There have been variations on the garnish with this drink over the years. Most use the lime wedge, but a few call for lemon, and one bar in the 1950s even used cucumber. The cucumber may have been borrowed from the Pimm's Cup, which is also sometimes served in a metal mug. There are also disagreements over the proportions of ingredients but the spirit is always vodka, with lime and ginger beer.

This leaves me wondering where the couple on the TV show got the idea of calling a vodka-grapefruit-ginger shot a Moscow Mule. I suspect someone tried to make them a ginger-flavored shot somewhere and told them it was like a Moscow Mule. Of course, when you are doing a bunch of shots, who cares? Right? Then, I figure, they just started calling them Moscow Mule shots. What I do know for sure is that they have the wrong name, and I feel a little sad for the misinformation that was spread amongst the attendees and, of course, all of the fans of Top Chef.

Still, I doubt the grapefruit version is without merit. It's certainly not going to have the same sweet and sour combination that you get from the ginger beer and lime, but it will still have the kick from the ginger. In fact, the grapefruit might be a little smoother and turn more of your attention toward the ginger. I guess it's time to go pickup some grapefruit!

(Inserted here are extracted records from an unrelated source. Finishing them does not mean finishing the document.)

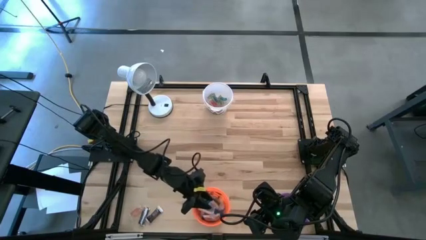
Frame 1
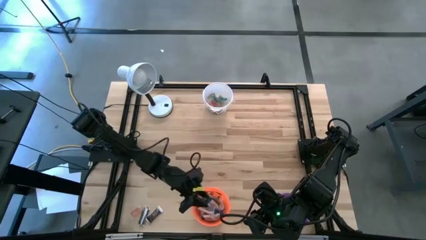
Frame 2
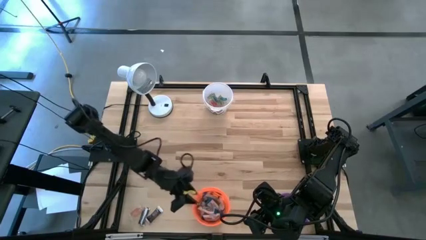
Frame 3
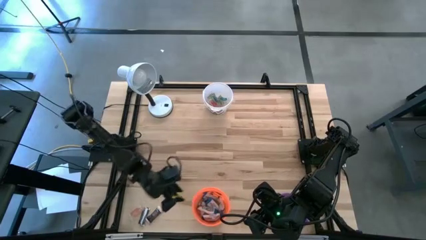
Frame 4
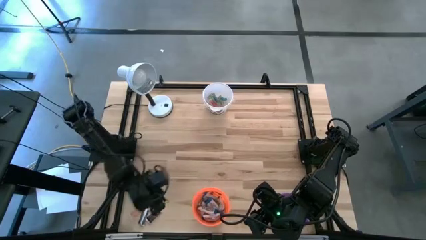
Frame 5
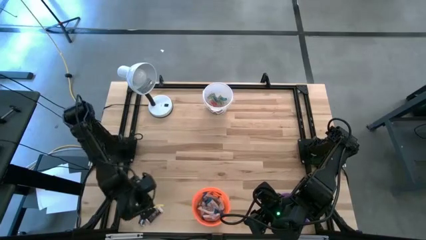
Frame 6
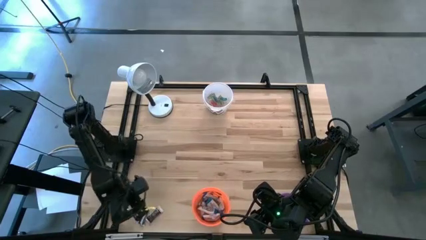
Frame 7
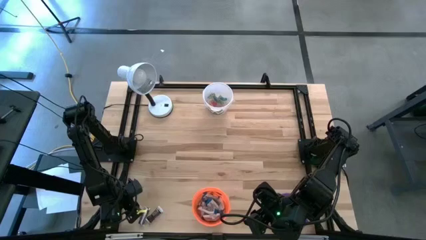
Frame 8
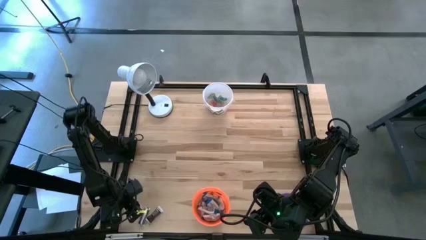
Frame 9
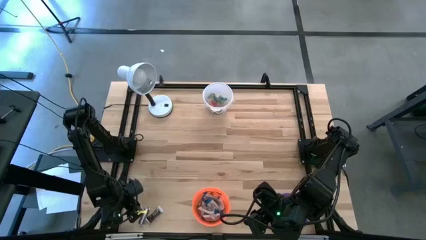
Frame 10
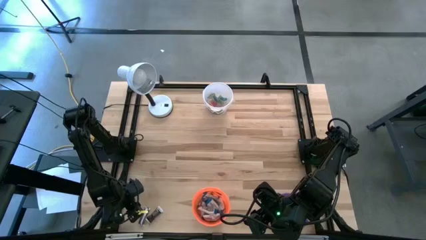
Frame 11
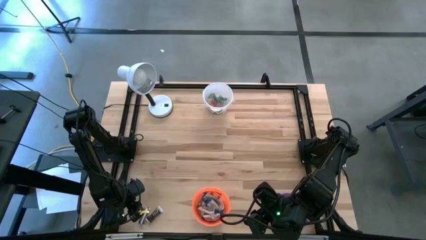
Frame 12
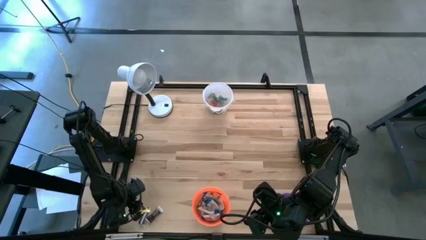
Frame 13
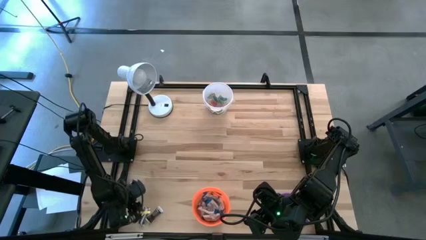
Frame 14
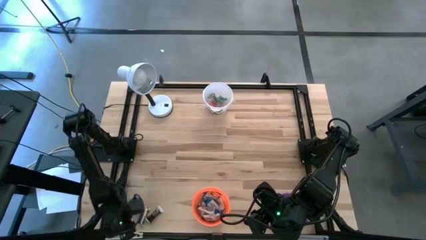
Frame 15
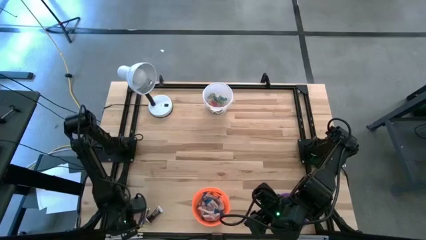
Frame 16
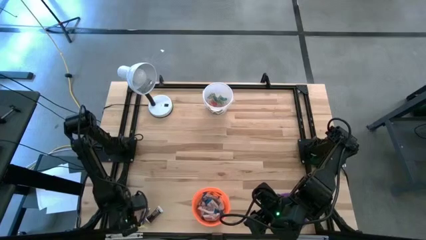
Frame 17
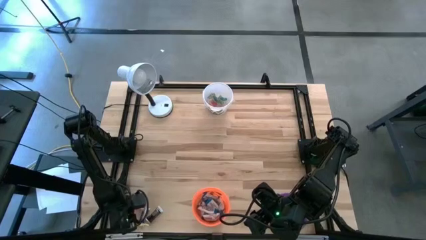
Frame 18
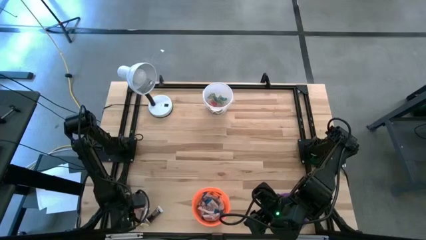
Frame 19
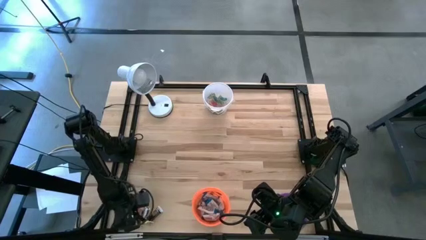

2 comments to A Moscow Mule with Grapefruit?

  • Casey

    I found your post while trying to find the recipe for a "ruby red mule" that I had in a restaurant. I eventually found their recipe and all it has in it is ruby red grapefruit vodka and ginger beer, garnished with a large slice of grapefruit. I would have guessed there were more ingredients - it tasted more complex than that. Does that still count as a mule?

    Mule or not, it was tasty. Thank you for the information about ginger beers - I'll be sure to look for a decent one when I'm trying to recreate it.

    • Casey,

      As far as the name is concerned, the mule cocktails are usually lime juice, a base spirit and ginger beer. I always make my own ginger beer using homemade fresh ginger syrup (search for ginger on this site). If it has those elements, the addition of grapefruit probably still could rightly be called a mule. Most of the time though, mules vary on the base spirit alone and maybe the garnish. Vodka is the Moscow Mule, gin is a Gin Gin Mule, and there's the Kentucky Mule with bourbon.

      Interestingly, the Mule formula is borrowed from an earlier drink. It started with a Scotch in the Mamie Taylor (you can search for that too). You can use dark rum for the Dark and Stormy, tequila for the Diablo (float some cassis) and the Horse's Neck uses Brandy.

      Probably best general name to use for these highball drinks is the "Buck" cocktails. A Brandy Buck for instance is Brandy, citrus, and ginger beer. Certainly, you are probably drinking some kind of Buck, but you can call it a mule or whatever you want to call it. If you like it, the name is not very important!